As we have expounded elsewhere (Rich et al., 1998; Ayala et al., 1998, 1999), five possible hypotheses may account for the absence of silent polymorphisms in P. falciparum: (i) persistent low effective population size, (ii) low rates of spontaneous mutation, (iii) strong selective constraints on silent variation, (iv) one or more recent selective sweeps affecting the genome as a whole, and (v) a demographic sweep, i.e., a recent population bottleneck, so that extant world populations of P. falciparum would have recently derived from a single ancestral strain. We have concluded that only the fifth hypothesis is consistent with the observations and have used coalescent theory to estimate the age of the ancestral strain or “cenancestor” (Table 3).

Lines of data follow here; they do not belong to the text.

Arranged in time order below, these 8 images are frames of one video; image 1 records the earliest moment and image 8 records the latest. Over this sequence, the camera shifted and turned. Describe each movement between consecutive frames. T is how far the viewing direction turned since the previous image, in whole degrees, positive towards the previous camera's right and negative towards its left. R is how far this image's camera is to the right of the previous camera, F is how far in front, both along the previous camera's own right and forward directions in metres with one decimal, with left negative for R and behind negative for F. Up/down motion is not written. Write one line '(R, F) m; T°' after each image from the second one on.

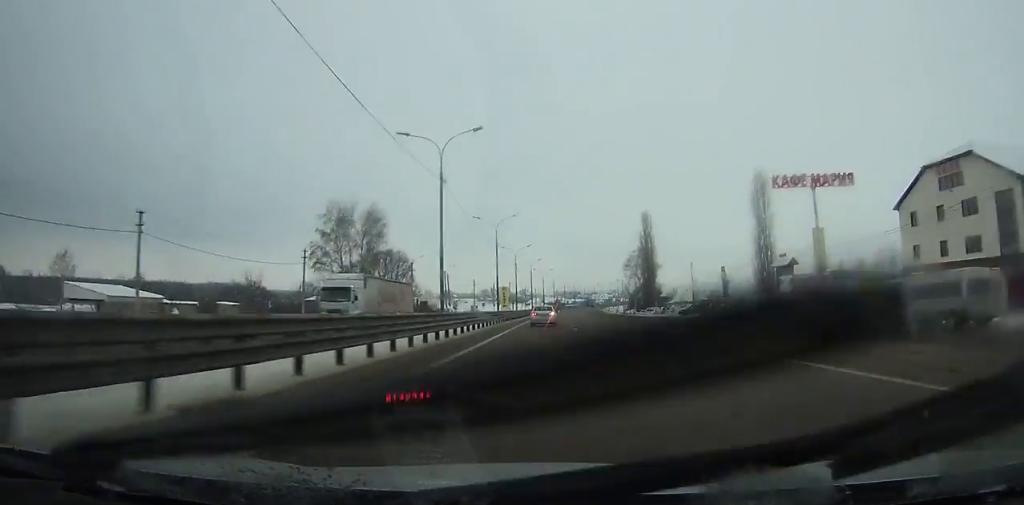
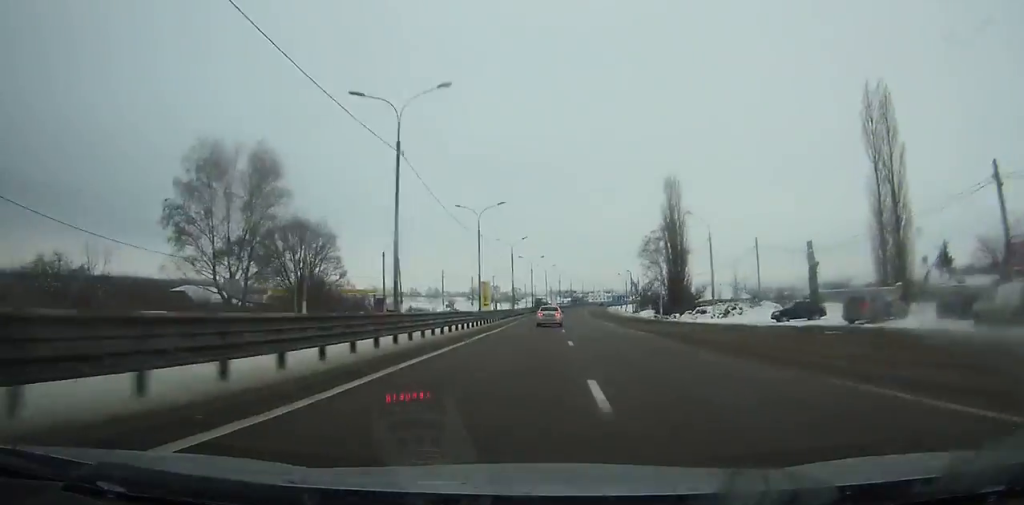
(0.0, +37.9) m; +1°
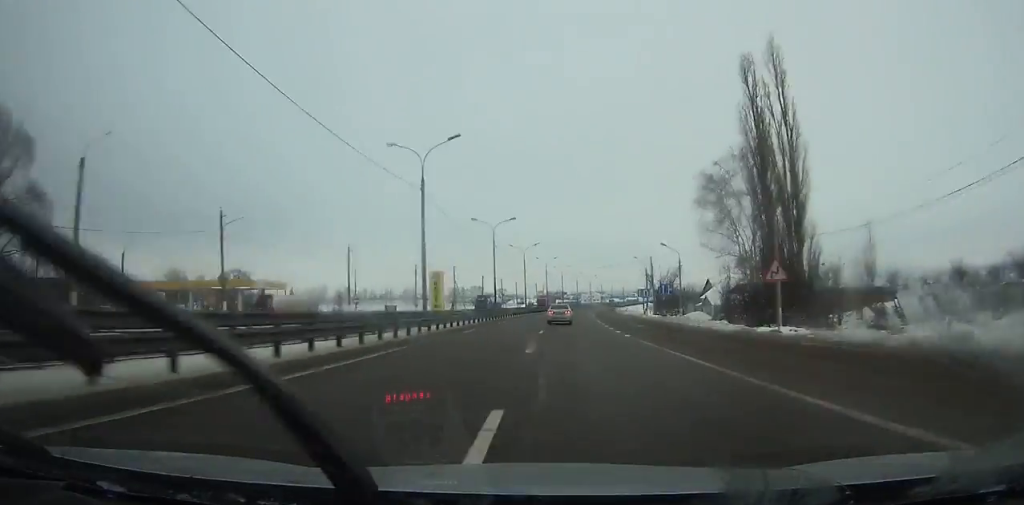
(+0.4, +49.5) m; +2°
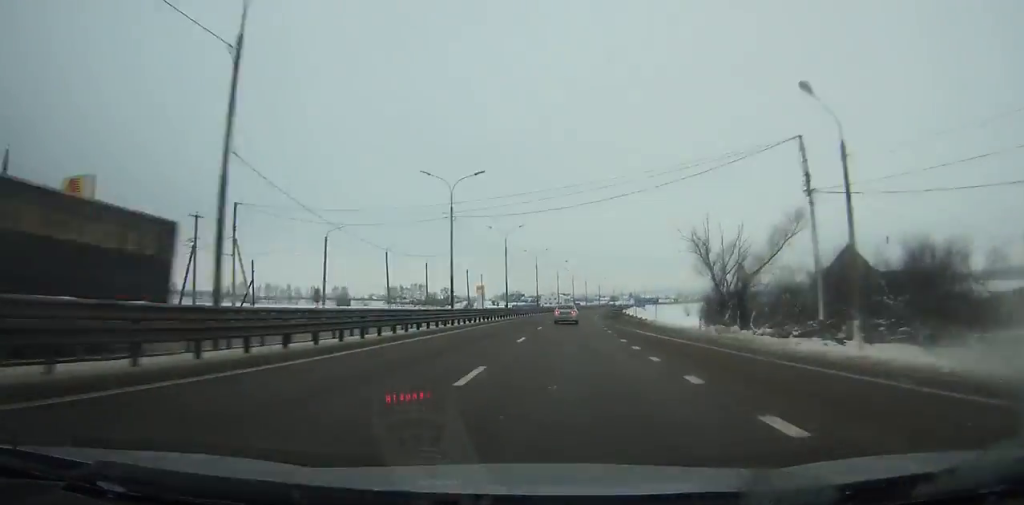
(+2.0, +77.8) m; +4°
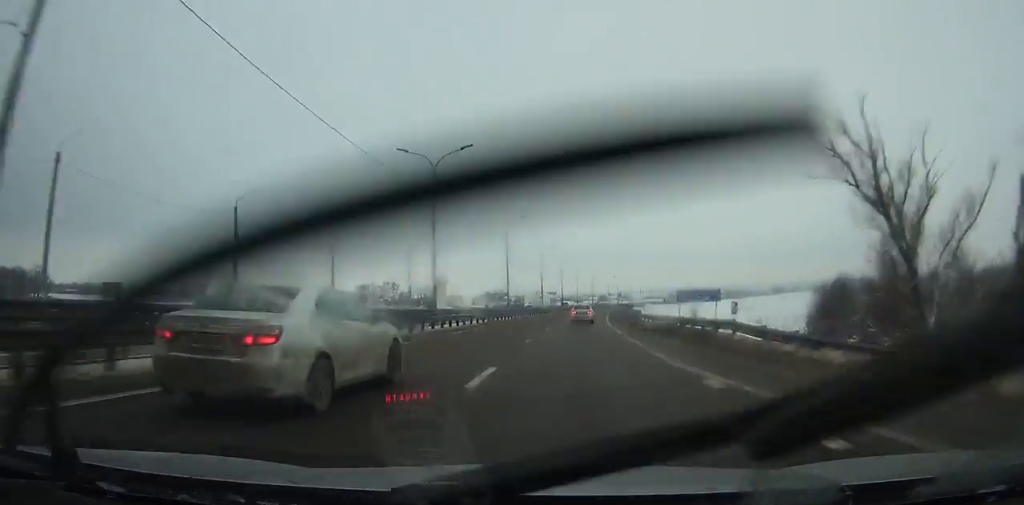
(-0.3, +37.4) m; +2°
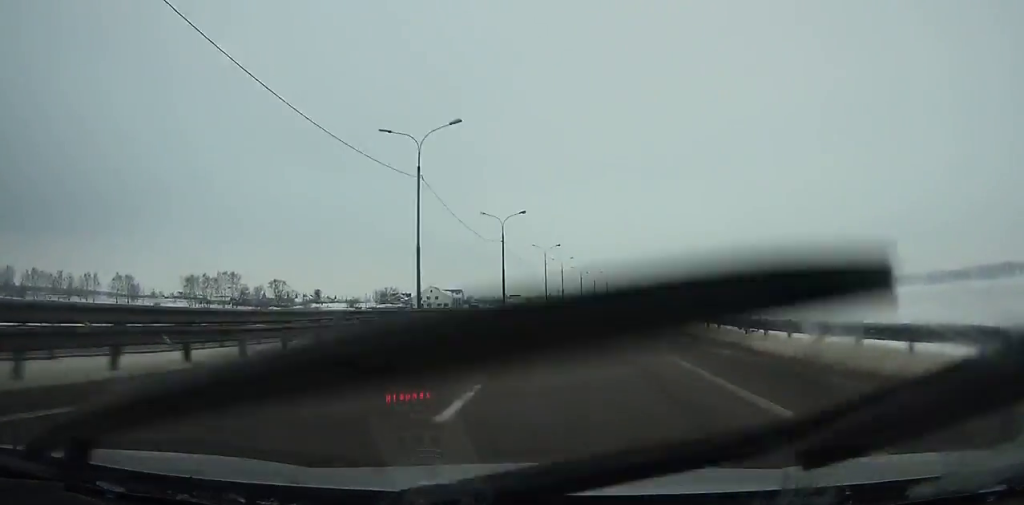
(+8.5, +122.6) m; +7°
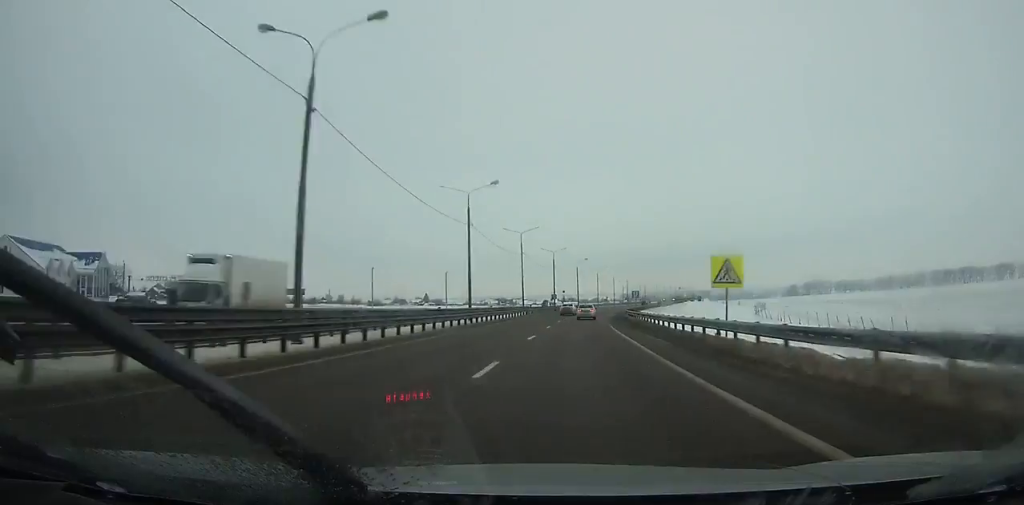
(+13.8, +164.4) m; +11°
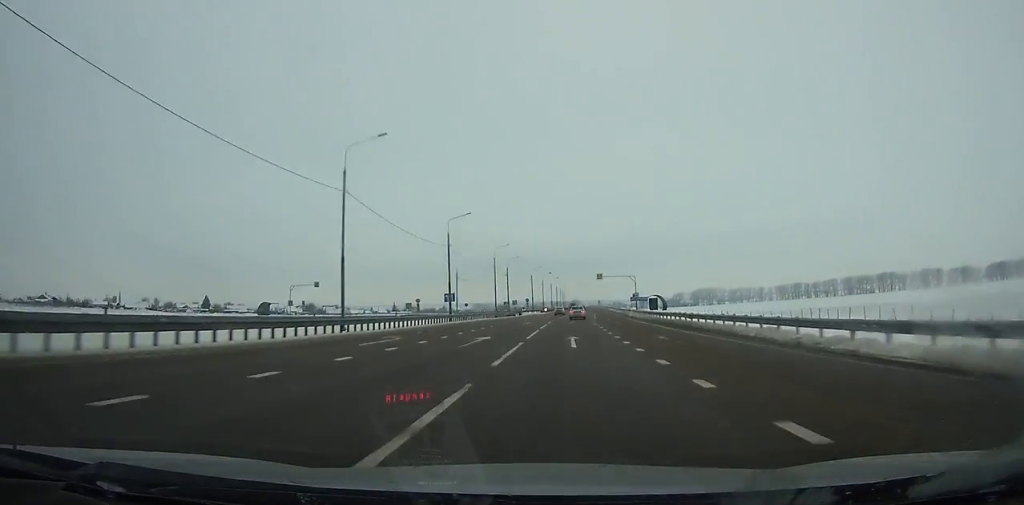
(+18.2, +159.6) m; +11°

The issue arises of how to account for a recent demographic sweep in P. falciparum. One possible hypothesis is that P. falciparum has become a human parasite in recent times, by lateral transfer from some other host species (Waters et al., 1991). This hypothesis is contrary to available evidence (Escalante and Ayala, 1994; Escalante et al., 1995). An alternative explanation is that human parasitism by P. falciparum has long been highly restricted geographically and has dispersed throughout the Old World continents only within the last several thousand years, perhaps within the last 10,000 years, after the Neolithic revolution (Coluzzi, 1994, 1997, 1999). Three possible scenarios may have led to this historically recent dispersion: (i) changes in human societies, (ii) genetic changes in the host-parasite-vector association that have altered their compatibility, and (iii) climatic changes that entailed demographic changes (migration, density, etc.) in the human host, the mosquito vectors, and/or the parasite.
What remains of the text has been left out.